> Required action
An exact copy of every record below is needed, with the pictures left out.

____ Exercise material

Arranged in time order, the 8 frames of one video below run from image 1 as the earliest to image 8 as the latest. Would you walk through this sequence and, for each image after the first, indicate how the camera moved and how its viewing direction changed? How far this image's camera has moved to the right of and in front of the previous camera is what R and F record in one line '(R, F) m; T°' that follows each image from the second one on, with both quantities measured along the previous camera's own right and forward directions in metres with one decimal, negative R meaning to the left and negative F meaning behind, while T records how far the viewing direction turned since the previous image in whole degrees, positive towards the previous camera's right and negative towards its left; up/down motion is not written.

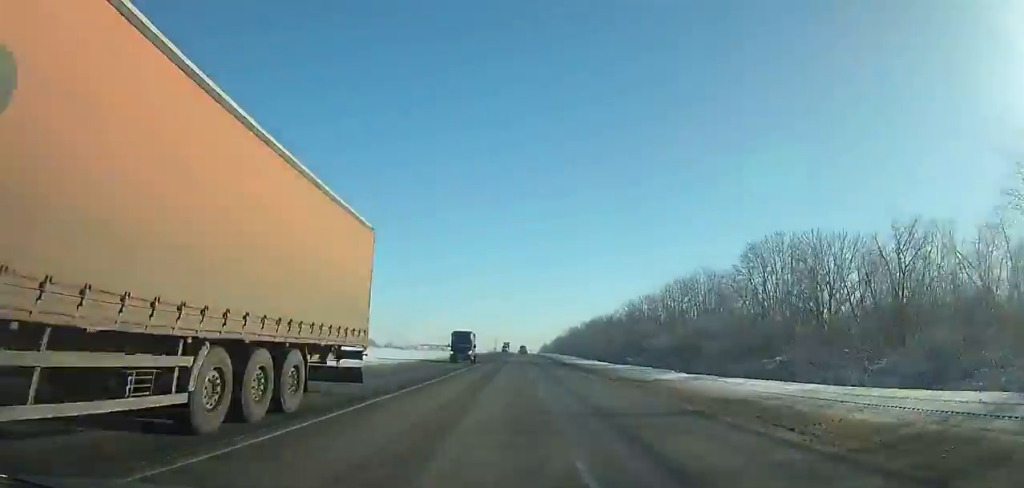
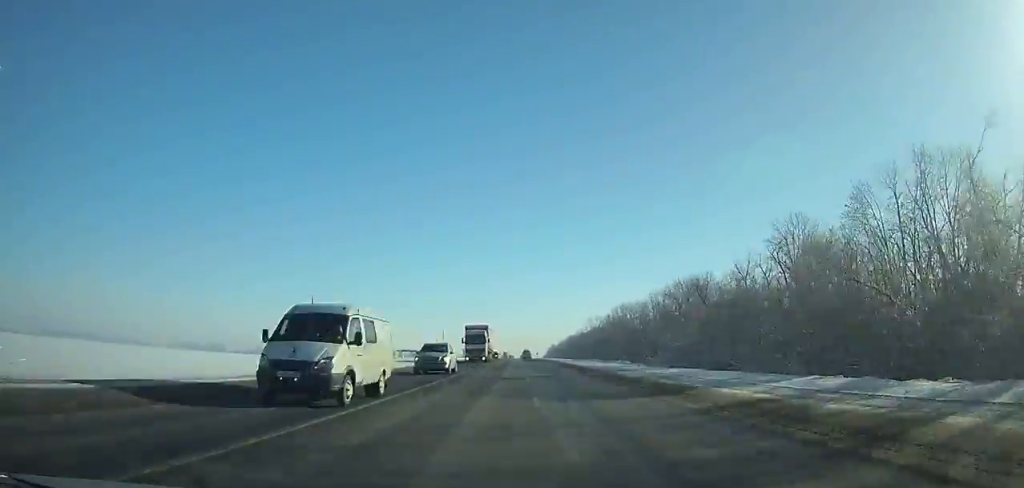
(-0.2, +109.4) m; 0°
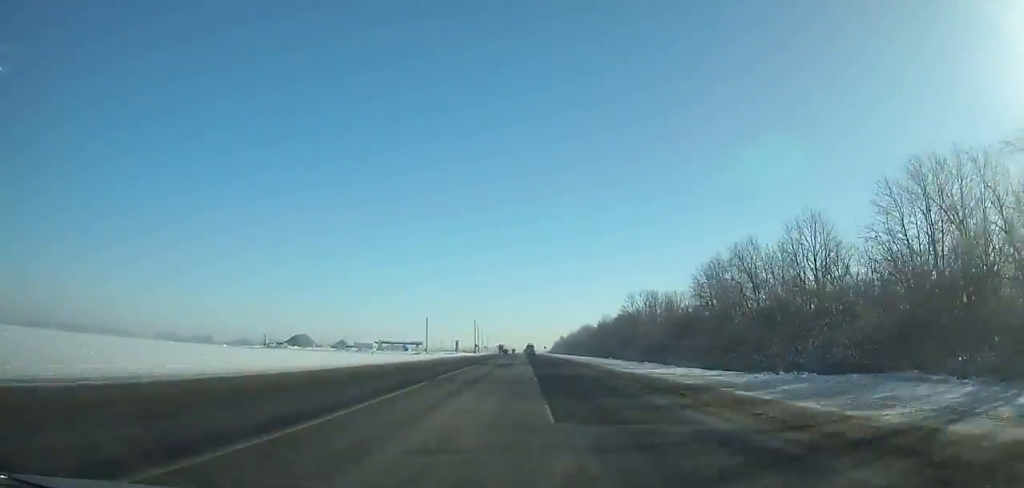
(0.0, +74.6) m; 0°
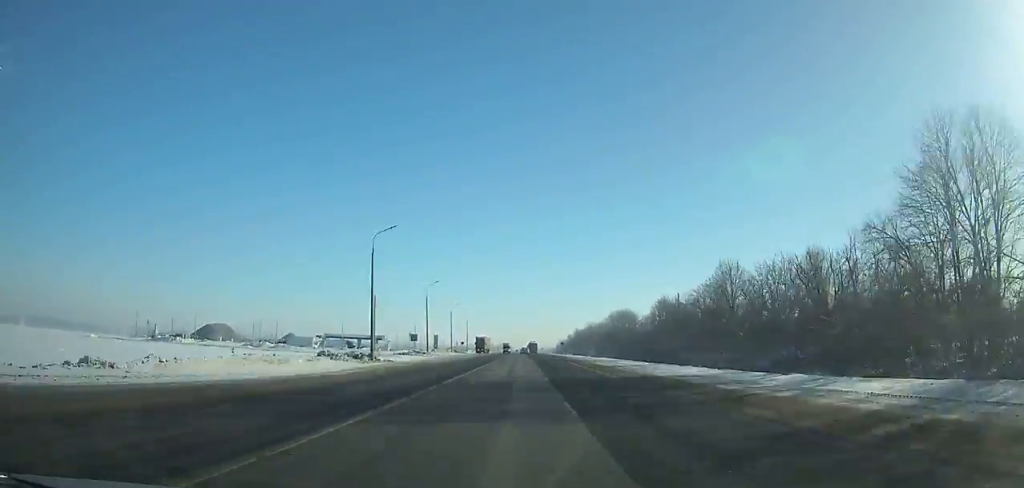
(+0.1, +108.7) m; 0°
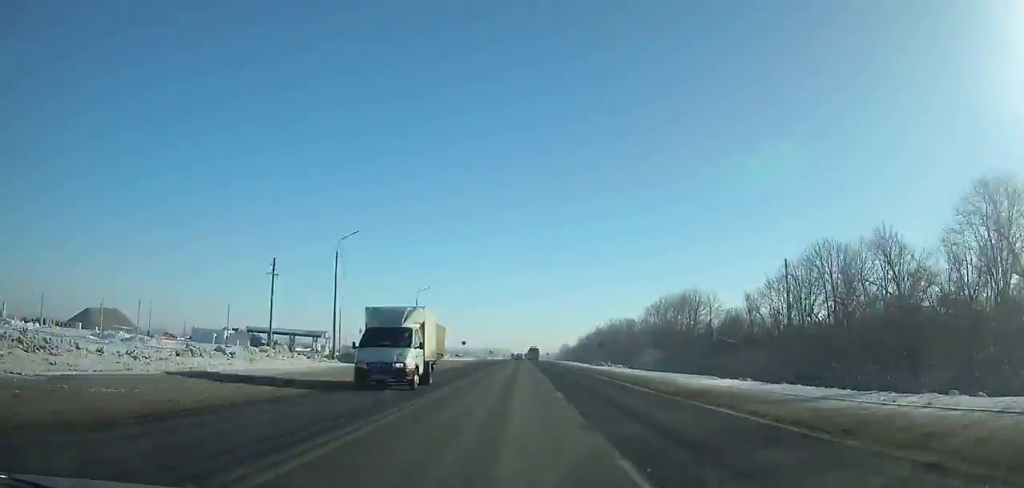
(-0.1, +81.0) m; 0°
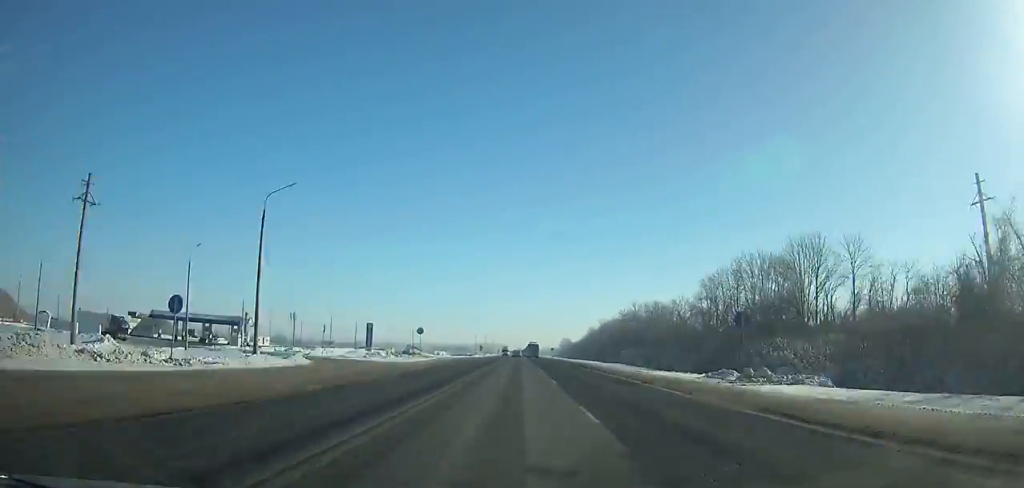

________

> Output below
Arranged in time order, the 8 frames of one video below run from image 1 as the earliest to image 8 as the latest. Would you walk through this sequence and, for each image after the first, indicate how the camera moved and how its viewing direction changed? How far this image's camera has moved to the right of and in front of the previous camera is what R and F record in one line '(R, F) m; T°' that follows each image from the second one on, with both quantities measured along the previous camera's own right and forward directions in metres with one decimal, negative R meaning to the left and negative F meaning behind, while T records how far the viewing direction turned since the previous image in whole degrees, positive towards the previous camera's right and negative towards its left; up/down motion is not written.

(-0.2, +109.4) m; 0°
(0.0, +74.6) m; 0°
(+0.1, +108.7) m; 0°
(-0.1, +81.0) m; 0°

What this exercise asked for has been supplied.